Bacalao Casserole Walter-Angler
Shopping list for 4 adults
600 g cliff-fish, thick, salted and fresh
4 pieces. large potatoes, approx. 600g
1 dl virgin olive oil, cold pressed
1 large onion, chopped
2 cloves garlic, chopped
1 piece. red pepper, in strips
1 piece. red chili, with / without seeds
3 pieces. spring onion, the green for garnish
1 small can of tomato paste, 60 g
1 can chopped tomatoes, 400g
½ dl water
½ dl Fino Sherry
1 tsk. paprika, smoked
The Peber Mill is put on the table

Accessories and decorations:
A good bread to your own taste is suitable for the dish
Finely chopped spring onion, the green part
Black olives, without stones
I am an angler in Scandinavia
Recipe No. 128
Bacalao served in deep plates with a cold Porter
Bacalao served in deep plates with a cold Porter

Procedure without liability: Start by preparing the dried and salted cod called cliff-fish in Danish. Preferably buy the thick pieces closest to the head.

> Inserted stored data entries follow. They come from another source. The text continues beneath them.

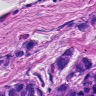
Metastatic tissue present: yes
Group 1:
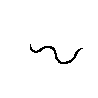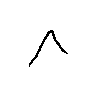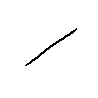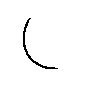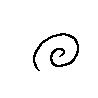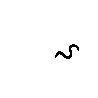
Group 2:
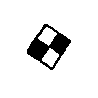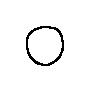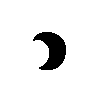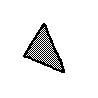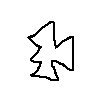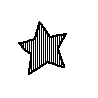
Rule separating the two groups: 1-D curve vs. 2-D shape.
Concepts: dimensionality
Author: Aaron David Fairbanks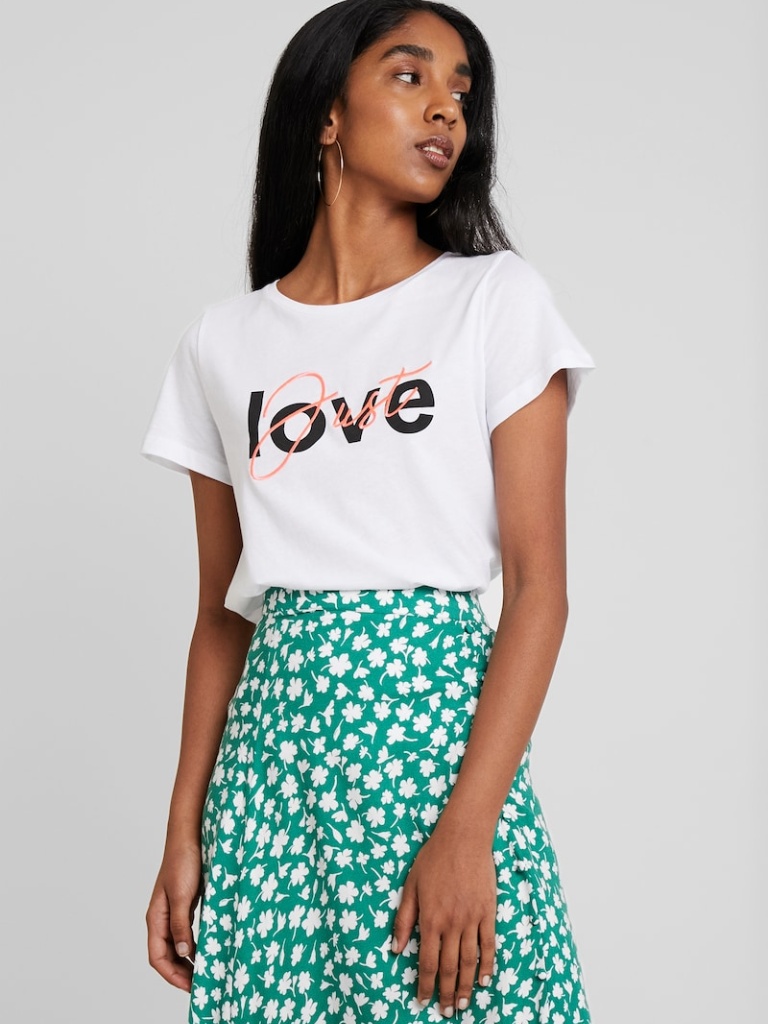
cotton relaxed short sleeve hip length French Tucked crew t-shirt

Divide the piece into 4 parts and place them in a bowl with plenty of cold water. A bowl with a lid is preferable for the sake of the "scent". Place the bowl in the refrigerator for 24 hours. Change the water after 24 hours and put the bowl back in the fridge for 24 hours. After 48 hours, the fish must be cleaned of skin and bones, cut into 3 cm wide strips 6 cm long. Dub the fish for moisture and put it in the fridge while the rest is being cooked.

Prepare all vegetables so they are ready to get in the hot oil. The potatoes are peeled and cut into very thin slices. I used my grater for cucumbers. Onions and garlic are chopped, red pepper and red chili are cut into strips. Decide for yourself whether the kernels in the chili should be included. With kernels, the dish becomes "HOT", without less "HOT". I took half of the kernels in the dish and it was convenient for me, but not for the Lady - too "HOT". The white of the spring onions is finely chopped for the dish, the green is cut for garnish.

The oil is heated in a suitably large pan, where the onion and garlic are just switched for a minute. Add tomato puree and switch again for a minute. Add chopped tomatoes, red pepper, red chili, spring onion, smoked paprika, water and sherry. Bring the sauce almost to a boil and put the sliced potatoes in the pan. Stir well in the pan so that the "things" mix. After 15 minutes, place the fish pieces in the pan and carefully turn the "things" over the fish pieces. Turn down the heat and let it simmer for 50 minutes under a lid. After this, do not stir in the pan, because then it becomes "Pickfish". Make sure there is enough moisture. Dilute with water / sherry if necessary.

During cooking, the potatoes give off so much moisture that the dish is suitable to be served in bowls or deep plates. The dish is suitable for a good bread that can be dipped in the sauce.

Serving: Find a good bread to your liking and serve it to the dish.

Decorate: Use the green from the spring onions. Cut it nicely over the dish. Top with black olives.

Drink: A cold Porter goes well with the dish.

Tip: Be careful with salt, because it comes from the cliff-fish.